**Exercise objective:**
If a line holds the word "proportional", copy it from the entries.

**Data entries:**

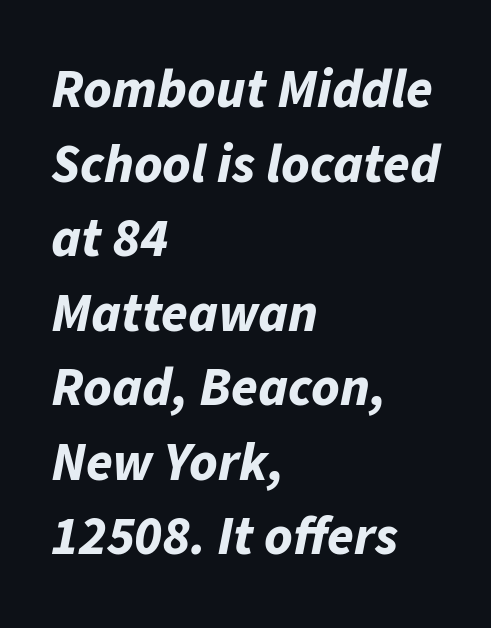
Q: Is the text bold? A: Yes.
Q: Is the text italic (slanted)? A: Yes, it leans right by about 11 degrees.
Q: Is the text underlined? A: No.
Q: How is the paragraph aligned? A: Left-aligned.
Q: Is the spacing between letters normal or unusually wide? A: Normal.
Q: Is the spacing between lines tight, normal or loose? A: Normal.
Q: Width (condensed, normal, or wide)? A: Normal.
Q: Stroke contrast? A: Low.
Q: x-height? A: Medium.
Q: Monospaced? A: No.
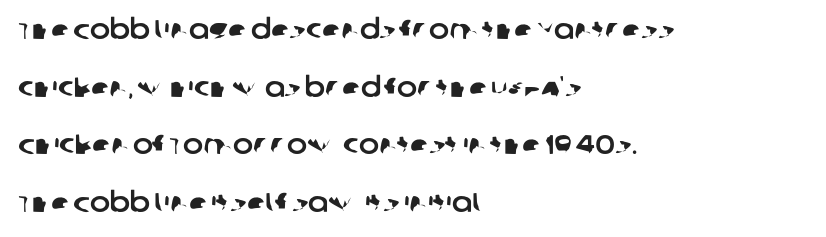
The image shows 27 px text type; set left-aligned, loose line spacing (2.13x), normal letter spacing, not underlined.
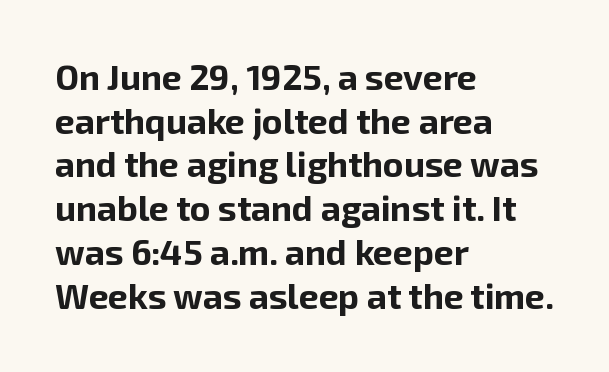
Rule under the text: the space is simply empty. Do the characters align in a grid? No, the font is proportional. Each word holds together tightly as a unit, with standard inter-letter gaps. Does the type have serifs? No, each stem ends abruptly. The sample has been set heavy, in full bold.
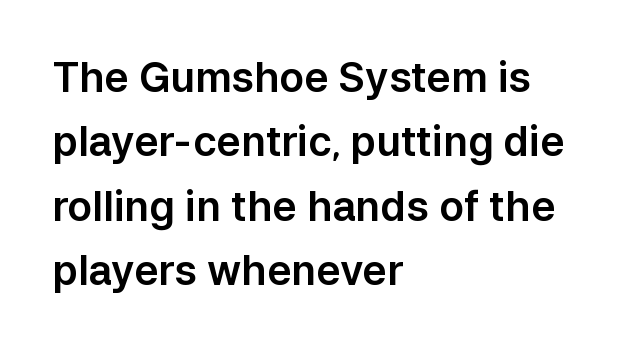
Q: Is the text italic (slanted)? A: No, it is upright.
Q: Is the typeface a serif or a sans-serif typeface? A: Sans-serif.
Q: Is the text underlined? A: No.
Q: How is the paragraph aligned? A: Left-aligned.
Q: Is the spacing between letters normal or unusually wide? A: Normal.
Q: Is the spacing between lines tight, normal or loose? A: Normal.
Q: Width (condensed, normal, or wide)? A: Normal.
Q: Stroke contrast? A: Low.
Q: x-height? A: Medium.
Q: Monospaced? A: No.
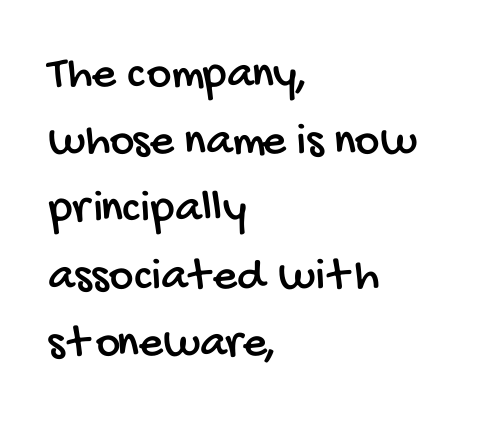
Is this a fixed-width face? No — the glyphs have proportional, varying widths. These lines stack with their left ends in a neat column. The characters display no serif detailing; their extremities are plain. Successive baselines arrive at the customary interval. Each row of text sits above clean, open space. Standard letterfit; no display-style spreading of the glyphs.

**Output:**
Rule under the text: the space is simply empty. Do the characters align in a grid? No, the font is proportional. Each word holds together tightly as a unit, with standard inter-letter gaps. Does the type have serifs? No, each stem ends abruptly. The sample has been set heavy, in full bold.
Is this a fixed-width face? No — the glyphs have proportional, varying widths. These lines stack with their left ends in a neat column. The characters display no serif detailing; their extremities are plain. Successive baselines arrive at the customary interval. Each row of text sits above clean, open space. Standard letterfit; no display-style spreading of the glyphs.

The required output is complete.